See our latest analysis for Swire Pacific
Swire Pacific's Projected Earnings Seem Likely To Cover Future Distributions
If it is predictable over a long period, even low dividend yields can be attractive. Before making this announcement, the company's dividend was higher than its profits, and made up 78% of cash flows. This indicates that the company could be more focused on returning cash to shareholders than reinvesting to grow the business.
Looking forward, earnings per share is forecast to rise exponentially over the next year. If the dividend continues along recent trends, we estimate the payout ratio will be 34%, which would make us comfortable with the dividend's sustainability, despite the levels currently being elevated.
Dividend Volatility
While the company has been paying a dividend for a long time, it has cut the dividend at least once in the last 10 years. The dividend has gone from an annual total of HK$3.90 in 2015 to the most recent total annual payment of HK$3.35. The dividend has shrunk at around 1.5% a year during that period. Generally, we don't like to see a dividend that has been declining over time as this can degrade shareholders' returns and indicate that the company may be running into problems.

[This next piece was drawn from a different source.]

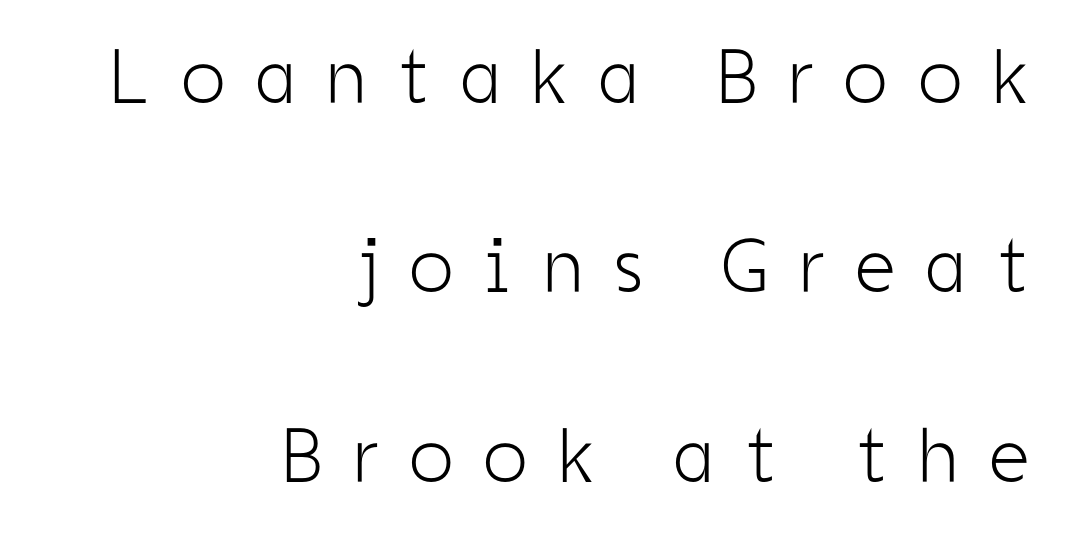
The font is comparable to plain body text, perhaps lighter. Does the copy run flush right? Yes — the right margin is perfectly even. The text was rendered using a sans face with plain stroke endings. The block of text is sparse from top to bottom, with ample space between rows. Each word looks stretched out because of the extra space between its letters.

Dividend Growth Potential Is Shaky
With a relatively unstable dividend, it's even more important to evaluate if earnings per share is growing, which could point to a growing dividend in the future. Over the past five years, it looks as though Swire Pacific's EPS has declined at around 12% a year. A sharp decline in earnings per share is not great from from a dividend perspective. Even conservative payout ratios can come under pressure if earnings fall far enough. It's not all bad news though, as the earnings are predicted to rise over the next 12 months - we would just be a bit cautious until this becomes a long term trend.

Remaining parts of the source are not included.